Technically, “tweetfinder” is a Python package that parses HTML content for embedded tweets and mentions of twitter. You can give it a URL, or raw HTML, as input and it provides convenience methods to return lists of those two types of references it finds. You can process a news story like this:
from tweetfinder import Article
my_article = Article(url=”https://edition.cnn.com/2021/11/14/business/elon-musk-bernie-sanders-tweet/index.html”)
With an article object, you call my_article.list_embedded_tweets() to get a list with information about the embedded tweets:
‘html_source’: ‘blockquote url pattern’}]

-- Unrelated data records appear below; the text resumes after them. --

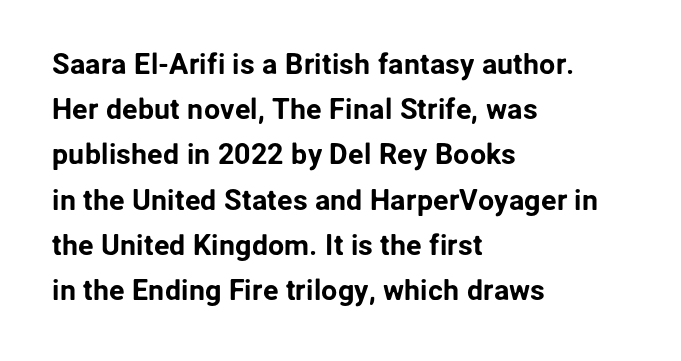
{"serif": "no", "italic": "no", "width": "normal", "stroke_contrast": "low", "x_height": "medium", "monospaced": "no", "underline": "no", "align": "left", "line_spacing": "normal", "line_spacing_ratio": 1.56, "letter_spacing": "normal", "letter_spacing_em": 0.0, "glyph_px": 29}
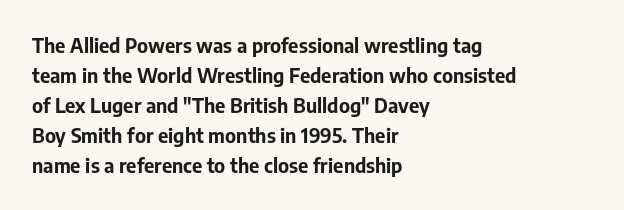
Q: Is the text bold? A: Yes.
Q: Is the text italic (slanted)? A: No, it is upright.
Q: Is the text underlined? A: No.
Q: How is the paragraph aligned? A: Left-aligned.
Q: Is the spacing between letters normal or unusually wide? A: Normal.
Q: Is the spacing between lines tight, normal or loose? A: Normal.
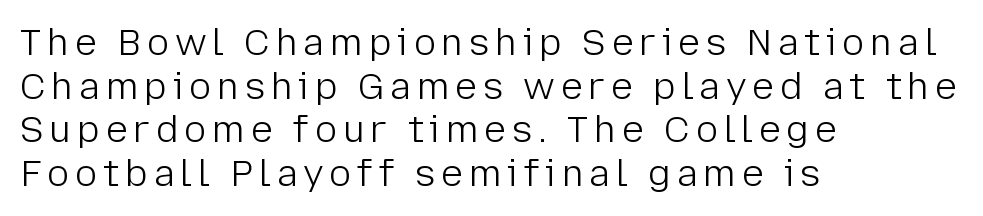
{"serif": "no", "italic": "no", "bold": "no", "weight": "light", "width": "normal", "stroke_contrast": "low", "x_height": "medium", "monospaced": "no", "underline": "no", "align": "left", "line_spacing_ratio": 1.18, "glyph_px": 37}
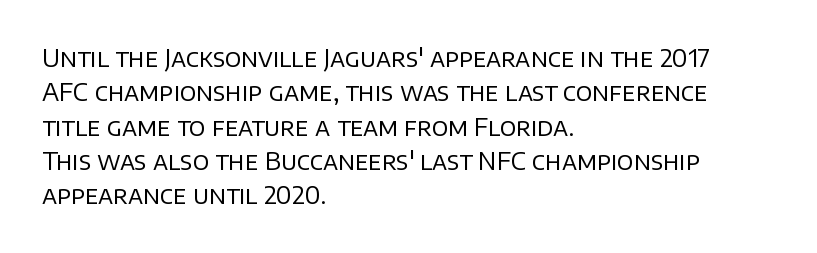
The image shows 24 px text type, upright; set left-aligned, normal line spacing (1.43x), normal letter spacing, not underlined.
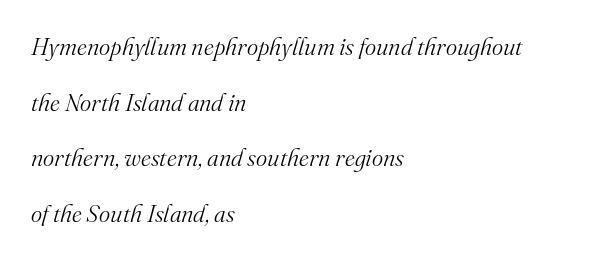
{"italic": "yes", "lean": "right", "slant_degrees": 16, "bold": "no", "underline": "no", "align": "left", "line_spacing": "loose", "line_spacing_ratio": 2.32, "letter_spacing": "normal", "letter_spacing_em": 0.0, "glyph_px": 24}
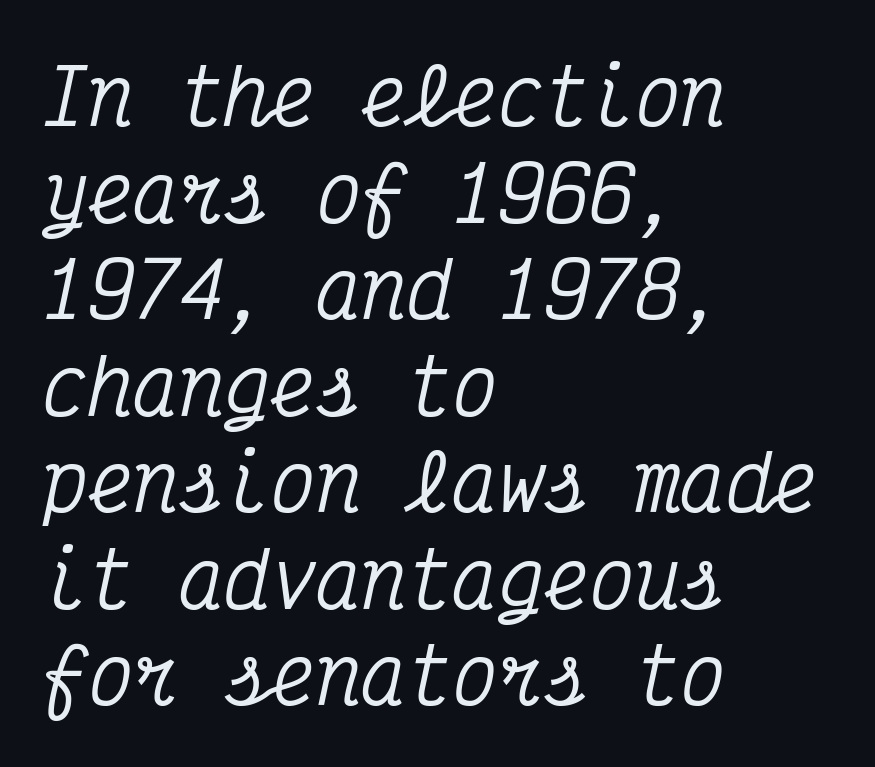
Q: Is the text italic (slanted)? A: Yes, it leans right by about 12 degrees.
Q: Is the typeface a serif or a sans-serif typeface? A: Serif.
Q: Is the text underlined? A: No.
Q: How is the paragraph aligned? A: Left-aligned.
Q: Is the spacing between letters normal or unusually wide? A: Normal.
Q: Is the spacing between lines tight, normal or loose? A: Normal.
Q: Width (condensed, normal, or wide)? A: Condensed.
Q: Stroke contrast? A: Medium.
Q: x-height? A: Medium.
Q: Monospaced? A: Yes.

Or, if you call my_article.list_mentioned_tweets() you get a list of all the mentions of twitter in the article:
‘context’: ‘eached out to sanders for comment. “want me to sell more stock, bernie? just say the words…” musk tweeted an hour later. musk ended the week selling a grand total of $6.9 billion worth of tesla shares. tha’,
Under the Hood
To find more of the tweets embedded, we took a multi-pronged heuristic approach. Our pipeline begins with the HTML (parsed with the BeautifulSoup library), because the popular readability content extraction library removes tags we need as signals such as blockquotes. We then process the HTML tree using the following heuristics to locate any embedded tweets:
- Check all `blockquote` nodes for a class of “twitter-tweet” (the officially supported approach)
- Check all `blockquote` nodes for a child `a` node linking to twitter.com (because sometimes organizations don’t include the class attribute)
- Check all `div` nodes with a class attribute of “embed-twitter” (a pattern we saw on CNN and other major US news sites)
Mentions of tweets, or paraphrases of Twitter content, are another approach news media take to integrating social media content into their news stories. Our library integrates prior keyword lists and expands them to allow us to find these types of mentions of twitter content. A clear limitation is that this approach currently only works for English language content; we use cld2 to detect the content language and raise an error if the user attempts to list mentions on non-English language articles.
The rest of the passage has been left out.